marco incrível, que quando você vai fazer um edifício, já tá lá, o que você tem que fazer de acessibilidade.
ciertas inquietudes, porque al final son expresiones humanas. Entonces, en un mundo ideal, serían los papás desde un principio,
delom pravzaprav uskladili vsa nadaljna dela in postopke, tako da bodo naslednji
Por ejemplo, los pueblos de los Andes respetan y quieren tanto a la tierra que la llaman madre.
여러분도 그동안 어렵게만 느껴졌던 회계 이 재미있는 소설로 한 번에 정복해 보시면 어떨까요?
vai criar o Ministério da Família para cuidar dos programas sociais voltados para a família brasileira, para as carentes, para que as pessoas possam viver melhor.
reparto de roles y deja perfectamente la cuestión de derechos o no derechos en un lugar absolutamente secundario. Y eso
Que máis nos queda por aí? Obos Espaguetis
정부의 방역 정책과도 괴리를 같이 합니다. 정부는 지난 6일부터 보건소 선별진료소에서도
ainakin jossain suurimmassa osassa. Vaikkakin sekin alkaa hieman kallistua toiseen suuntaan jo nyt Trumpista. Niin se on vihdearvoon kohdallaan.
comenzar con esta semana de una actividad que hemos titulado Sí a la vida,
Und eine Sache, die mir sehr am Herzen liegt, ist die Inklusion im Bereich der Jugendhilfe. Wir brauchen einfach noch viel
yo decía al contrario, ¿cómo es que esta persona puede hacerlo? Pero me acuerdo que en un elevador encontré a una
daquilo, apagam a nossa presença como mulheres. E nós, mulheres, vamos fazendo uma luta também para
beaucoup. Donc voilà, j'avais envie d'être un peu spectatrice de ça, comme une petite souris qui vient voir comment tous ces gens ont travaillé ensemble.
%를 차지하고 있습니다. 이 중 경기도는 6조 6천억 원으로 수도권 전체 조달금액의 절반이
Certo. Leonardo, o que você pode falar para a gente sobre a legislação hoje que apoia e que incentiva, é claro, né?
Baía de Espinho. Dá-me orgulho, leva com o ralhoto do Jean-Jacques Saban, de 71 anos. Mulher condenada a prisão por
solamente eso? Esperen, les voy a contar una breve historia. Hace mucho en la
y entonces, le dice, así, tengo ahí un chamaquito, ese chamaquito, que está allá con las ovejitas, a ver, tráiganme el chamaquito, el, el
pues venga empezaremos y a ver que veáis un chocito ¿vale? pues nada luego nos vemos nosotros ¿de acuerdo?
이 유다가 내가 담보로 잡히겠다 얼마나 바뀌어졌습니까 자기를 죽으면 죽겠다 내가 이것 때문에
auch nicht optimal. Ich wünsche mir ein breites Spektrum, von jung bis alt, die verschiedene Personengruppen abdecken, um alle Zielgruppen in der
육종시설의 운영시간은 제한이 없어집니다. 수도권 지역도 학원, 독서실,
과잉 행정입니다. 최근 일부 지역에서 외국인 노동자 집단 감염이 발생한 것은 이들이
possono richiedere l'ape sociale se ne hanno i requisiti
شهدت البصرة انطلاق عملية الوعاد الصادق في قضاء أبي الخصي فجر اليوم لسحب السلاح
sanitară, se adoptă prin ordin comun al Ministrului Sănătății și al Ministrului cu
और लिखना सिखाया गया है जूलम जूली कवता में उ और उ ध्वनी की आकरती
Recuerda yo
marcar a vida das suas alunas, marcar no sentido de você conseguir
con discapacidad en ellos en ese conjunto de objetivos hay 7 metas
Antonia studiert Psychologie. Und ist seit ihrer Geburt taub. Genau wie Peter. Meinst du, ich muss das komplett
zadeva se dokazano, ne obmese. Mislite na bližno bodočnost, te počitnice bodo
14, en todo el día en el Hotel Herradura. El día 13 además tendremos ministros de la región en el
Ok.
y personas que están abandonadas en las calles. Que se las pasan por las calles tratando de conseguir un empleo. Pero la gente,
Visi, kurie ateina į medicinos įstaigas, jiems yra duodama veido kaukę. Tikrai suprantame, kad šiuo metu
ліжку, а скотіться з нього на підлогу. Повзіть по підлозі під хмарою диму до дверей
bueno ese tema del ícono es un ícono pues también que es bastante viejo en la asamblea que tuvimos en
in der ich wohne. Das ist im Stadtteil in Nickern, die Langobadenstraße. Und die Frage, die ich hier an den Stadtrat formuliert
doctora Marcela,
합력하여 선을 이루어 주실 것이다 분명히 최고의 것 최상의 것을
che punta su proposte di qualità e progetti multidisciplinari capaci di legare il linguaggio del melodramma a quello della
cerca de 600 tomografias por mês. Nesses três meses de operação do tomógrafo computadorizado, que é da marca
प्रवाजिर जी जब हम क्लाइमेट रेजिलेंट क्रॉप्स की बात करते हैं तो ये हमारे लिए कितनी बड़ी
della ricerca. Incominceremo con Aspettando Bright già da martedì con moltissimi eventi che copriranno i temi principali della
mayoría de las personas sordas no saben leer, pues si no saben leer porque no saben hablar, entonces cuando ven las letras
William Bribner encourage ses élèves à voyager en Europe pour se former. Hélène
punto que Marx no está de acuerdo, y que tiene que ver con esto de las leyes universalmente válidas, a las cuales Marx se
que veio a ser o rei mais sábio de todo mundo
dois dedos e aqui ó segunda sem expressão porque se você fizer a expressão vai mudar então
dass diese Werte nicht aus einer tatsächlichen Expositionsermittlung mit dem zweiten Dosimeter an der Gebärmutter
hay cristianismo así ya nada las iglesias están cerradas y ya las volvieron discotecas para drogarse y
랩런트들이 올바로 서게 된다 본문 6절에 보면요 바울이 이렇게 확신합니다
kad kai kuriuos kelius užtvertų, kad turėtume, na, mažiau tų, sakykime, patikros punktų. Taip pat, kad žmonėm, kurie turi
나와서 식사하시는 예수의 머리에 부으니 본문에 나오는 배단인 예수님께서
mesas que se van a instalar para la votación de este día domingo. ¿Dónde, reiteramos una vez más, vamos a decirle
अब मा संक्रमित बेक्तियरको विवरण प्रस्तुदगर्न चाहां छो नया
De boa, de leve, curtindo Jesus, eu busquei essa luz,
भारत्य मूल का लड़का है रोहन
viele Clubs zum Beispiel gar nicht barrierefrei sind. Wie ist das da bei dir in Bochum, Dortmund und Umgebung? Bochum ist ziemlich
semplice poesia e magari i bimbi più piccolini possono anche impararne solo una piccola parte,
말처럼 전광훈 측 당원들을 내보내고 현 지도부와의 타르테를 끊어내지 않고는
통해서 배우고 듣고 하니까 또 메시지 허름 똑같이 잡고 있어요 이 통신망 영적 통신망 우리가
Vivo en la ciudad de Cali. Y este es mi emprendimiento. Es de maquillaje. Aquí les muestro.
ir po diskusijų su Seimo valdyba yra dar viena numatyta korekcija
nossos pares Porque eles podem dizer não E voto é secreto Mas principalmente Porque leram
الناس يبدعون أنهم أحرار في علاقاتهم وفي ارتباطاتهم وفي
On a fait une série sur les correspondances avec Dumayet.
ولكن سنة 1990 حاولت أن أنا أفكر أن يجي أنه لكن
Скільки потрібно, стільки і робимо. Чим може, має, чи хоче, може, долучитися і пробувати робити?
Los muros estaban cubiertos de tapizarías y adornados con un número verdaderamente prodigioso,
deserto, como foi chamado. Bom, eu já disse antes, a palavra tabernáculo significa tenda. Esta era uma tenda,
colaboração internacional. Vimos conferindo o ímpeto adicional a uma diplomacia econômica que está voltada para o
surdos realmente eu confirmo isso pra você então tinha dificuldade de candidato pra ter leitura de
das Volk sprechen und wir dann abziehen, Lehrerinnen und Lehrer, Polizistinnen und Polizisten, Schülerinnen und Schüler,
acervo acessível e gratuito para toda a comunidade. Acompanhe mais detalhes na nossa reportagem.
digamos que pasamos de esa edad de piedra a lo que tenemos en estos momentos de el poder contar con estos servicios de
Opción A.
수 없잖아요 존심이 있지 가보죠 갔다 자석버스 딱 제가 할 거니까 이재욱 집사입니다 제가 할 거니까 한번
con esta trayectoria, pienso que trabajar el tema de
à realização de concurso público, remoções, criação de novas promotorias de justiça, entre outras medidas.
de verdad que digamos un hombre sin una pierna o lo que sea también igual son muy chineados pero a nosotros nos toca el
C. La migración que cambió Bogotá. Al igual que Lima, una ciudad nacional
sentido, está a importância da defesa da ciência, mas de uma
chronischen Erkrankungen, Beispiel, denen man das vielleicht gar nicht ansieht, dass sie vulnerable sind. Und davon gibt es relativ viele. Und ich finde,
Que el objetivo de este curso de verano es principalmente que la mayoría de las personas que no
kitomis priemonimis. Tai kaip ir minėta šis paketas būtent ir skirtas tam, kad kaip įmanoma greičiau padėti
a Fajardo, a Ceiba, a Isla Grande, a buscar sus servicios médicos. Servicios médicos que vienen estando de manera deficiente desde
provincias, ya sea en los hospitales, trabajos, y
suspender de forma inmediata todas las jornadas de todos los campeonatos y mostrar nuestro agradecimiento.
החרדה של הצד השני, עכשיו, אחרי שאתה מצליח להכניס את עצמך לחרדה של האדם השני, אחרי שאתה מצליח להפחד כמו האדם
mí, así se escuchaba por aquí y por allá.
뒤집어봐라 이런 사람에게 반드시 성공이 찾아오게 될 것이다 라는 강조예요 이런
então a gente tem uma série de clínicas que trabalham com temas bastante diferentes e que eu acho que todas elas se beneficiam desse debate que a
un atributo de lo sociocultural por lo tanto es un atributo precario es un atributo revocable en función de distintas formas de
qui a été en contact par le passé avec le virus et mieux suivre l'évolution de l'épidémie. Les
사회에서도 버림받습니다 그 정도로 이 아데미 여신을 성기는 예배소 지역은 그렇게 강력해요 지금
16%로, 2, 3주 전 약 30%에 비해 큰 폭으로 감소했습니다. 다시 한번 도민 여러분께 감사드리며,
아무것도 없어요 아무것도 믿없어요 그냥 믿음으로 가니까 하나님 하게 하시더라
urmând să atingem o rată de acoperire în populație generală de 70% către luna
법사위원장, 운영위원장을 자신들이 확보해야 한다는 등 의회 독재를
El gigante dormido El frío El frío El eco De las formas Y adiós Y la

-=-=-

Exercise directions: Everything from the line with "अब मा संक्रमित" through the line with "Los muros estaban" should be written out exactly as it appears above, end lines included, and nothing outside that range.

Solution below:
अब मा संक्रमित बेक्तियरको विवरण प्रस्तुदगर्न चाहां छो नया
De boa, de leve, curtindo Jesus, eu busquei essa luz,
भारत्य मूल का लड़का है रोहन
viele Clubs zum Beispiel gar nicht barrierefrei sind. Wie ist das da bei dir in Bochum, Dortmund und Umgebung? Bochum ist ziemlich
semplice poesia e magari i bimbi più piccolini possono anche impararne solo una piccola parte,
말처럼 전광훈 측 당원들을 내보내고 현 지도부와의 타르테를 끊어내지 않고는
통해서 배우고 듣고 하니까 또 메시지 허름 똑같이 잡고 있어요 이 통신망 영적 통신망 우리가
Vivo en la ciudad de Cali. Y este es mi emprendimiento. Es de maquillaje. Aquí les muestro.
ir po diskusijų su Seimo valdyba yra dar viena numatyta korekcija
nossos pares Porque eles podem dizer não E voto é secreto Mas principalmente Porque leram
الناس يبدعون أنهم أحرار في علاقاتهم وفي ارتباطاتهم وفي
On a fait une série sur les correspondances avec Dumayet.
ولكن سنة 1990 حاولت أن أنا أفكر أن يجي أنه لكن
Скільки потрібно, стільки і робимо. Чим може, має, чи хоче, може, долучитися і пробувати робити?
Los muros estaban cubiertos de tapizarías y adornados con un número verdaderamente prodigioso,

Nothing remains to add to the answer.